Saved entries
*****
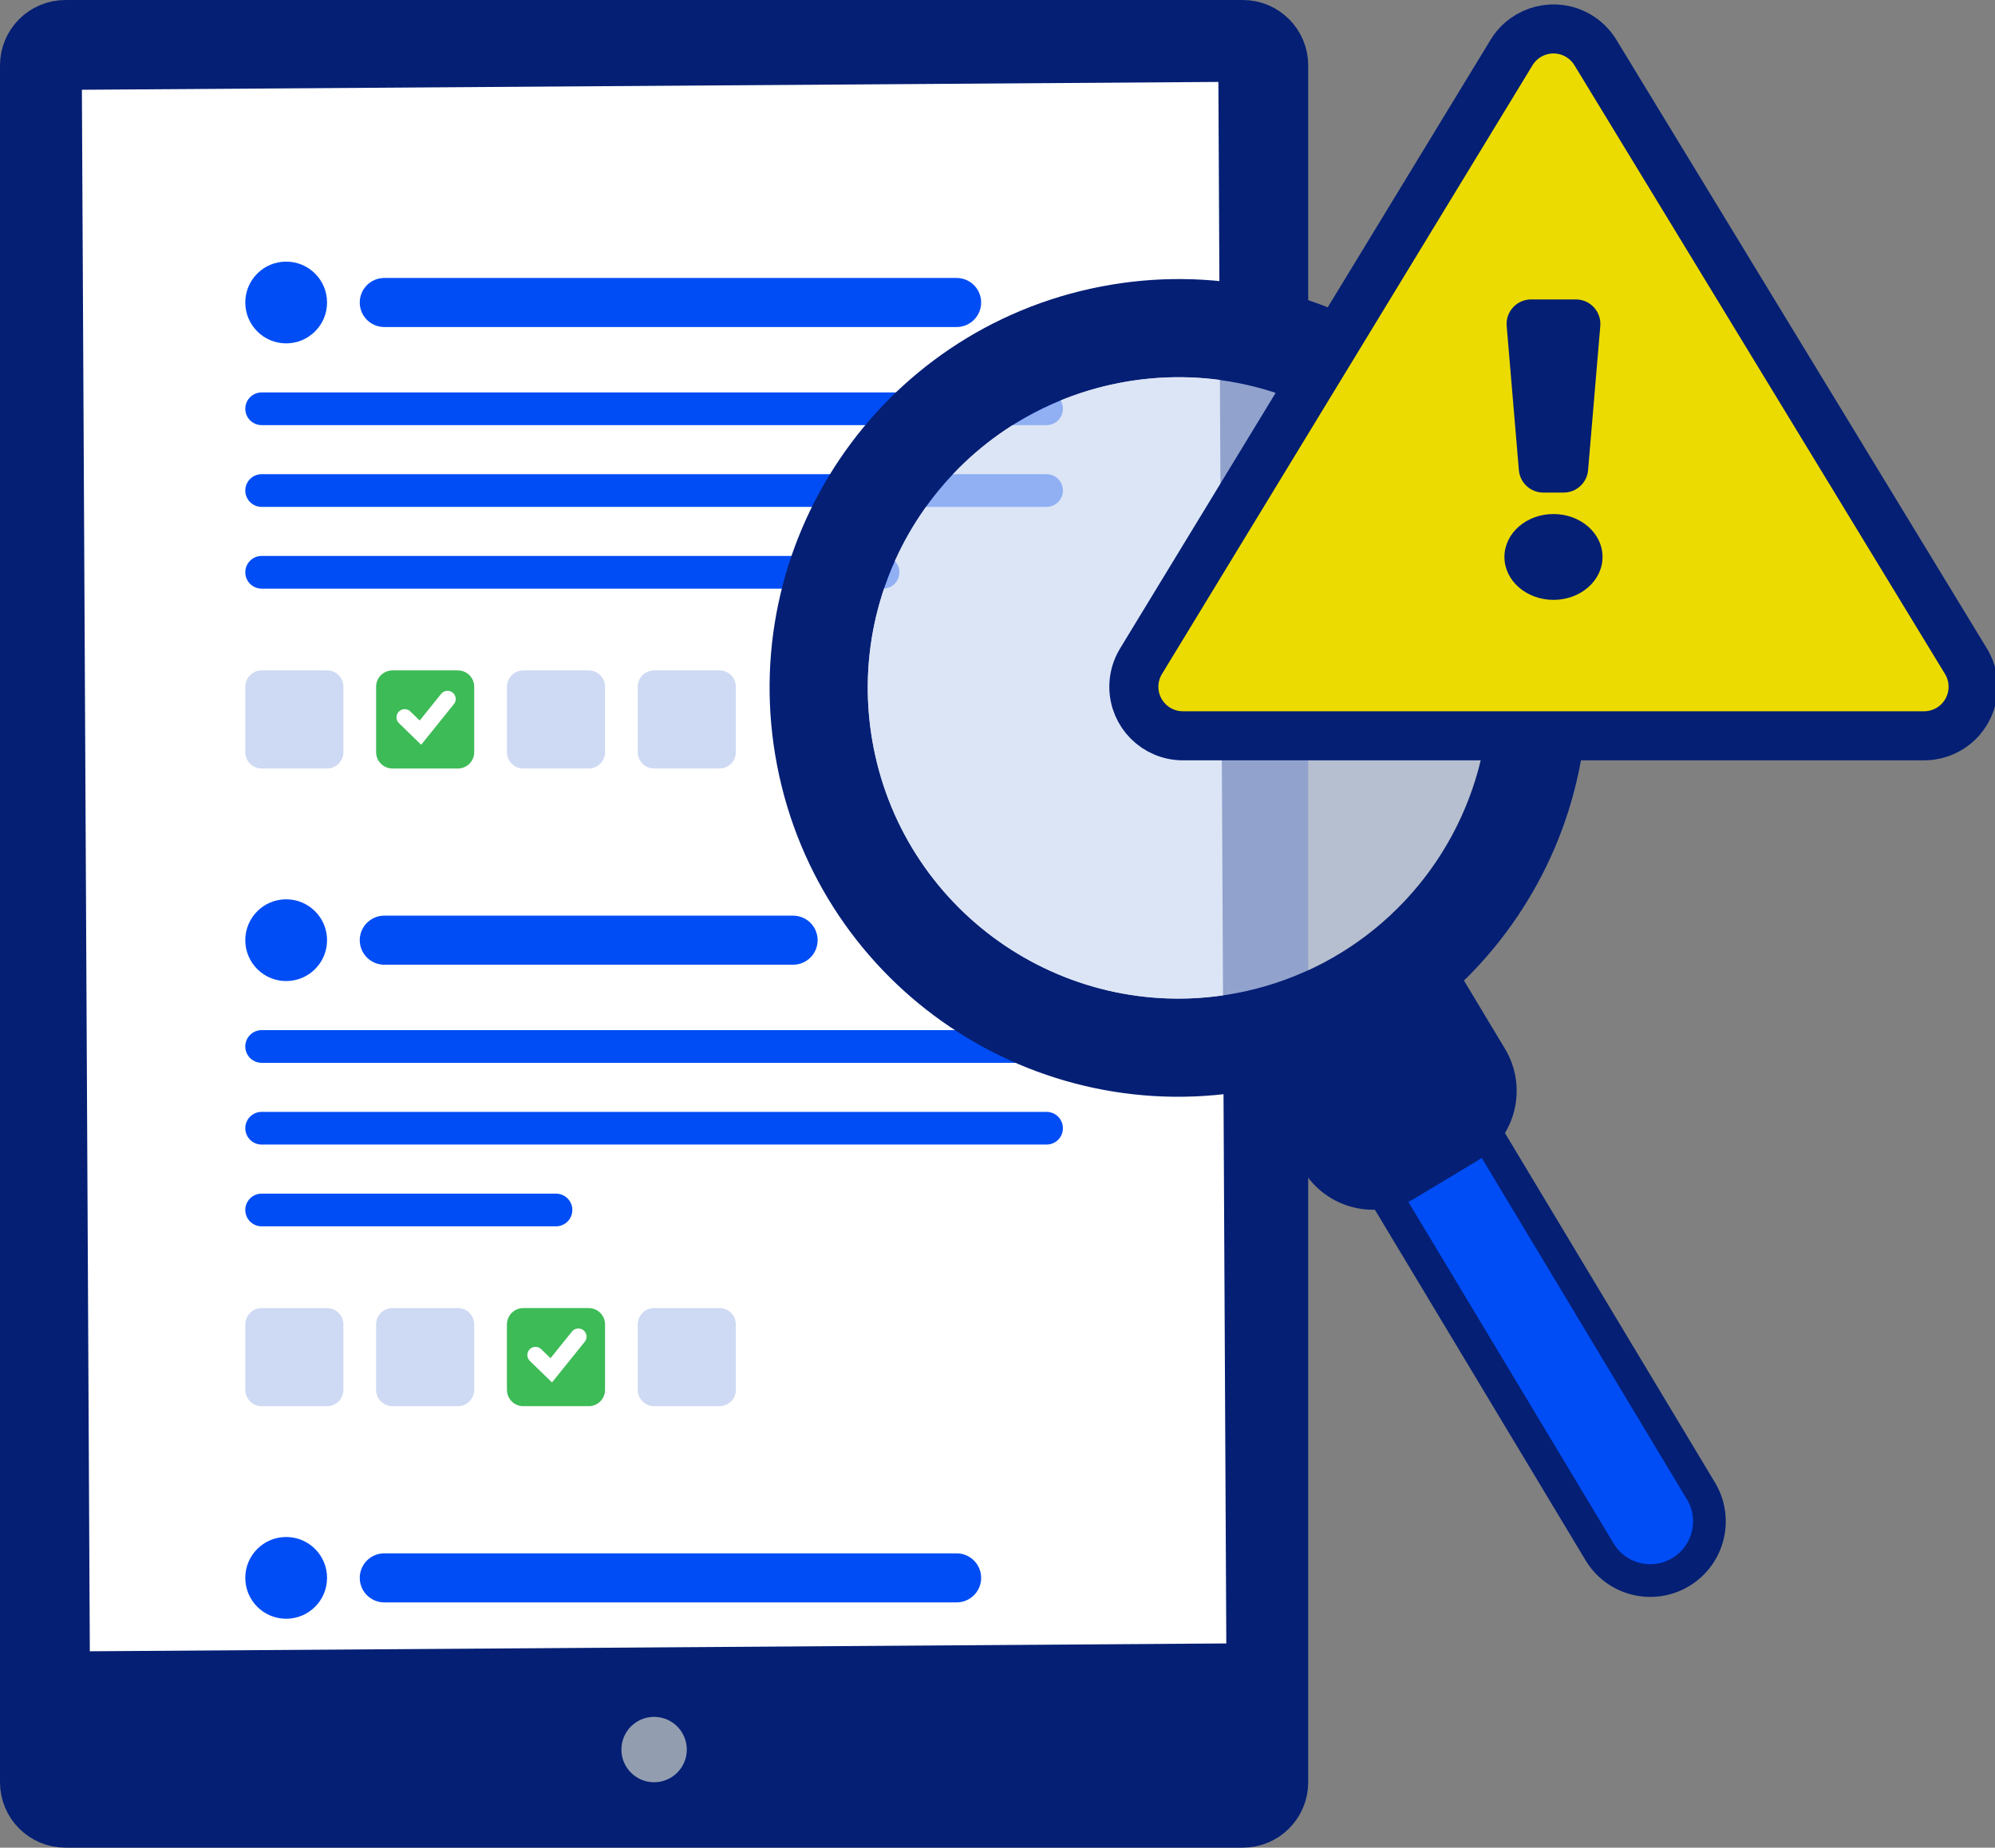 <?xml version="1.0" encoding="UTF-8"?>
<svg width="122px" height="113px" viewBox="0 0 122 113" version="1.1" xmlns="http://www.w3.org/2000/svg" xmlns:xlink="http://www.w3.org/1999/xlink">
    <rect x="0" y="0" width="122" height="113" fill="#808080" stroke="none"/>
    <title>illustrations/fraude-prevention</title>
    <g id="illustrations/fraude-prevention" stroke="none" stroke-width="1" fill="none" fill-rule="evenodd">
        <g id="Group-8">
            <path d="M76,1.5 C76.69,1.5 77.315,1.78 77.768,2.232 C78.22,2.685 78.5,3.31 78.5,4 L78.5,4 L78.5,109 C78.5,109.69 78.22,110.315 77.768,110.768 C77.315,111.22 76.69,111.5 76,111.5 L76,111.5 L4,111.5 C3.31,111.5 2.685,111.22 2.232,110.768 C1.78,110.315 1.5,109.69 1.5,109 L1.5,109 L1.5,4 C1.5,3.31 1.78,2.685 2.232,2.232 C2.685,1.78 3.31,1.5 4,1.5 L4,1.5 Z" id="Rectangle" stroke="#041F74" stroke-width="3" fill="#041F74"></path>
            <path d="M76,3.5 L76.5,102 L4,102.5 L3.5,4 L76,3.5 Z" id="Rectangle" stroke="#041F74" stroke-width="3" fill="#FFFFFF"></path>
            <circle id="Oval" fill="#929DAF" cx="40" cy="107" r="2"></circle>
            <g id="Group-9" transform="translate(15, 16)">
                <g id="Group-6">
                    <g id="Group-2">
                        <line x1="8.5" y1="2.5" x2="43.5" y2="2.5" id="Line-2" stroke="#004DF5" stroke-width="3" stroke-linecap="round" stroke-linejoin="round"></line>
                        <circle id="Oval" fill="#004DF5" cx="2.5" cy="2.5" r="2.5"></circle>
                    </g>
                    <g id="Group" transform="translate(1, 8.5)" stroke="#004DF5" stroke-linecap="round" stroke-linejoin="round" stroke-width="2">
                        <line x1="0" y1="0.5" x2="48" y2="0.5" id="Line-2"></line>
                        <line x1="0" y1="5.5" x2="48" y2="5.5" id="Line-2"></line>
                        <line x1="0" y1="10.5" x2="38" y2="10.5" id="Line-2"></line>
                    </g>
                    <g id="Group-4" transform="translate(1, 26)">
                        <rect id="Rectangle" stroke="#CEDAF3" stroke-width="2" fill="#CEDAF3" stroke-linejoin="round" x="0" y="0" width="4" height="4"></rect>
                        <rect id="Rectangle" stroke="#CEDAF3" stroke-width="2" fill="#CEDAF3" stroke-linejoin="round" x="16" y="0" width="4" height="4"></rect>
                        <rect id="Rectangle" stroke="#CEDAF3" stroke-width="2" fill="#CEDAF3" stroke-linejoin="round" x="24" y="3.55271368e-15" width="4" height="4"></rect>
                        <g id="Group-3" transform="translate(7, 0)" stroke-linecap="round">
                            <rect id="Rectangle" stroke="#3DBB56" stroke-width="2" fill="#3DBB56" stroke-linejoin="round" x="1" y="0" width="4" height="4"></rect>
                            <polyline id="Path" stroke="#FFFFFF" points="1.748 1.871 2.711 2.807 4.368 0.748"></polyline>
                        </g>
                    </g>
                </g>
                <g id="Group-2" transform="translate(0, 78)">
                    <line x1="8.5" y1="2.5" x2="43.5" y2="2.5" id="Line-2" stroke="#004DF5" stroke-width="3" stroke-linecap="round" stroke-linejoin="round"></line>
                    <circle id="Oval" fill="#004DF5" cx="2.5" cy="2.5" r="2.5"></circle>
                </g>
                <g id="Group-7" transform="translate(0, 39)">
                    <g id="Group-2" transform="translate(0, -0)">
                        <line x1="8.5" y1="2.5" x2="33.5" y2="2.5" id="Line-2" stroke="#004DF5" stroke-width="3" stroke-linecap="round" stroke-linejoin="round"></line>
                        <circle id="Oval" fill="#004DF5" cx="2.5" cy="2.5" r="2.5"></circle>
                    </g>
                    <g id="Group" transform="translate(1, 8.5)" stroke="#004DF5" stroke-linecap="round" stroke-linejoin="round" stroke-width="2">
                        <line x1="0" y1="0.5" x2="48" y2="0.5" id="Line-2"></line>
                        <line x1="0" y1="5.5" x2="48" y2="5.5" id="Line-2"></line>
                        <line x1="0" y1="10.5" x2="18" y2="10.5" id="Line-2"></line>
                    </g>
                    <g id="Group-4" transform="translate(1, 26)">
                        <rect id="Rectangle" stroke="#CEDAF3" stroke-width="2" fill="#CEDAF3" stroke-linejoin="round" x="0" y="0" width="4" height="4"></rect>
                        <rect id="Rectangle" stroke="#CEDAF3" stroke-width="2" fill="#CEDAF3" stroke-linejoin="round" x="8" y="0" width="4" height="4"></rect>
                        <rect id="Rectangle" stroke="#CEDAF3" stroke-width="2" fill="#CEDAF3" stroke-linejoin="round" x="24" y="3.55271368e-15" width="4" height="4"></rect>
                        <g id="Group-3" transform="translate(15, 0)" stroke-linecap="round">
                            <rect id="Rectangle" stroke="#3DBB56" stroke-width="2" fill="#3DBB56" stroke-linejoin="round" x="1" y="0" width="4" height="4"></rect>
                            <polyline id="Path" stroke="#FFFFFF" points="1.748 1.871 2.711 2.807 4.368 0.748"></polyline>
                        </g>
                    </g>
                </g>
            </g>
        </g>
        <g id="search" transform="translate(76.804, 60.311) rotate(-11) translate(-76.804, -60.311) translate(50.304, 15.811)">
            <g id="Group-18" transform="translate(38.282, 65.742) rotate(-20) translate(-38.282, -65.742) translate(30.782, 44.742)">
                <path d="M3.887,3.106 L11.12,3.106 L11.12,37.49 C11.12,39.487 9.501,41.106 7.504,41.106 C5.506,41.106 3.887,39.487 3.887,37.49 L3.887,3.106 L3.887,3.106 Z" id="Rectangle" stroke="#041F74" stroke-width="2" fill="#004DF5" stroke-linejoin="round"></path>
                <path d="M0.368,0.788 L14.775,0.788 L14.775,8.137 C14.775,10.899 12.536,13.137 9.775,13.137 L5.368,13.137 C2.606,13.137 0.368,10.899 0.368,8.137 L0.368,0.788 L0.368,0.788 Z" id="Rectangle" fill="#041F74"></path>
            </g>
            <path d="M25.331,0.692 C39.139,0.692 50.331,11.885 50.331,25.692 C50.331,39.499 39.139,50.692 25.331,50.692 C11.524,50.692 0.331,39.499 0.331,25.692 C0.331,11.885 11.524,0.692 25.331,0.692 Z M25.331,6.692 C14.838,6.692 6.331,15.198 6.331,25.692 C6.331,36.185 14.838,44.692 25.331,44.692 C35.825,44.692 44.331,36.185 44.331,25.692 C44.331,15.198 35.825,6.692 25.331,6.692 Z" id="Combined-Shape" fill="#041F74"></path>
            <circle id="Oval" fill-opacity="0.7" fill="#CEDAF3" cx="25.331" cy="25.692" r="19"></circle>
        </g>
        <path d="M97.563,3.21 L120.224,40.44 C121.086,41.855 120.637,43.701 119.222,44.563 C118.752,44.849 118.212,45 117.662,45 L72.338,45 C70.681,45 69.338,43.657 69.338,42 C69.338,41.45 69.489,40.91 69.776,40.44 L92.437,3.21 C93.299,1.795 95.145,1.346 96.56,2.207 C96.969,2.457 97.313,2.8 97.563,3.21 Z" id="Rectangle" stroke="#041F74" stroke-width="3" fill="#ECDB00" stroke-linejoin="round"></path>
        <g id="icons/warning" transform="translate(92, 17)" fill="#041F74">
            <path d="M1.632,1.312 L4.368,1.312 C5.196,1.312 5.868,1.984 5.868,2.812 C5.868,2.855 5.866,2.897 5.862,2.939 L5.116,11.752 C5.051,12.528 4.401,13.125 3.622,13.125 L2.378,13.125 C1.599,13.125 0.949,12.528 0.884,11.752 L0.138,2.939 C0.068,2.114 0.68,1.388 1.506,1.318 C1.548,1.314 1.59,1.312 1.632,1.312 Z" id="Rectangle"></path>
            <ellipse id="Oval-2" cx="3" cy="17.062" rx="3" ry="2.625"></ellipse>
        </g>
    </g>
</svg>
*****
Required action: Scan the lines above for the word "none" and copy every one where it occurs.

Your response:
    <rect x="0" y="0" width="122" height="113" fill="#808080" stroke="none"/>
    <g id="illustrations/fraude-prevention" stroke="none" stroke-width="1" fill="none" fill-rule="evenodd">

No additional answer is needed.